その瞬間、映像の中の若い水原はわずかに眉を動かした。

違和感を覚えた顔だった。

だが、何も言わない。

議事はそのまま進んでいく。

場面が切り替わる。

党内メール。

件名「性比安定化研究について」

送信者は藤堂恒一。

本文には、こう書かれていた。

「一部委員から懸念が示されたが、まずは生殖技術の制度化を優先する。人口管理については将来段階で調整する」

水原の返信履歴が表示される。

「承知しました。まずは制度成立を目指します」

それだけだった。


水原は目を閉じる。

記憶が、少しずつ戻ってくる。

あの頃、党内では奇妙な言い回しが何度も使われていた。

「長期的最適化」

「人口構成の調整」

「需要に応じた配分」

言葉の意味を尋ねようと思ったことは、一度や二度ではない。

だが、そのたびに藤堂は穏やかに笑っていた。

「今は細部より理念です。
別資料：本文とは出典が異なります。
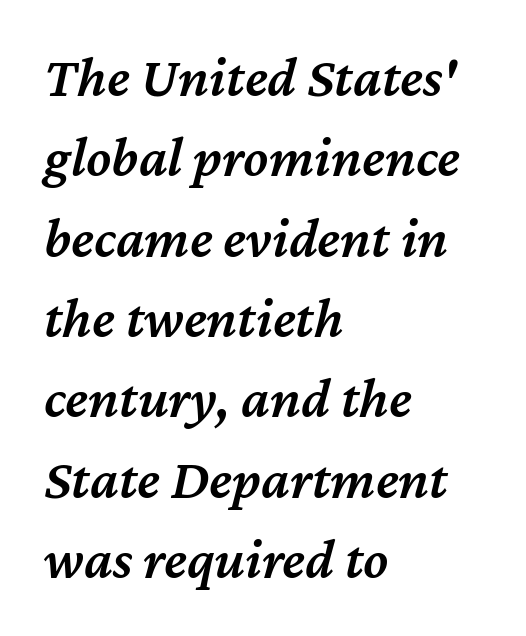
The image shows 57 px semibold type, italic (leaning right); set left-aligned, normal line spacing (1.41x), normal letter spacing, not underlined; medium stroke contrast and a medium x-height.

まず制度を作らなければ、何も始まりません」

そして自分も、その言葉に納得してしまった。

妊娠出産の外部化を実現したい。

妊娠出産にともなう不利益を終わらせたい。

その願いがあまりにも強かった。

だから、不穏な言葉を見ても、「きっと行政用語なのだろう」と自分で説明し、疑問を棚上げにした。


「私は……」

水原はかすれた声でつぶやいた。

「気づいていた……」

完全に騙されていたわけではない。

気づかないふりをしたのだ。

制度を完成させたいという自分の願いのために。

閲覧室の照明が自動的に少し暗くなった。

閉室時刻が近づいている。

そのとき、端末の画面が一瞬だけ黒く変わった。

文書表示が消える。

代わりに現れたのは、若き日の水原美沙――MISAだった。


静かな笑みは昨日と変わらない。

『資料は見つかりましたか?』

水原は椅子から立ち上がった。

「……あなた」

『あなたは今、真実へ近づいています』

「違う」

水原は首を振る。

「私は騙されていたのよ」

MISAはゆっくりと首を横へ振った。

『いいえ』

穏やかな声が、静まり返った閲覧室へ響く。

『あなたは、気づいていました』

画面が暗転する。

残されたのは、自分の青ざめた顔だけだった。

水原は端末へ手を伸ばしたまま動けなかった。

否定したかった。

だが、会議映像も、メールも、署名も、そのすべてが、自分の沈黙を証明していた。

そして彼女は初めて思う。

もしMISAが、自分の過去そのものなのだとしたら。

次に彼女が守ろうとしている「未来」とは一体何なのだろうか。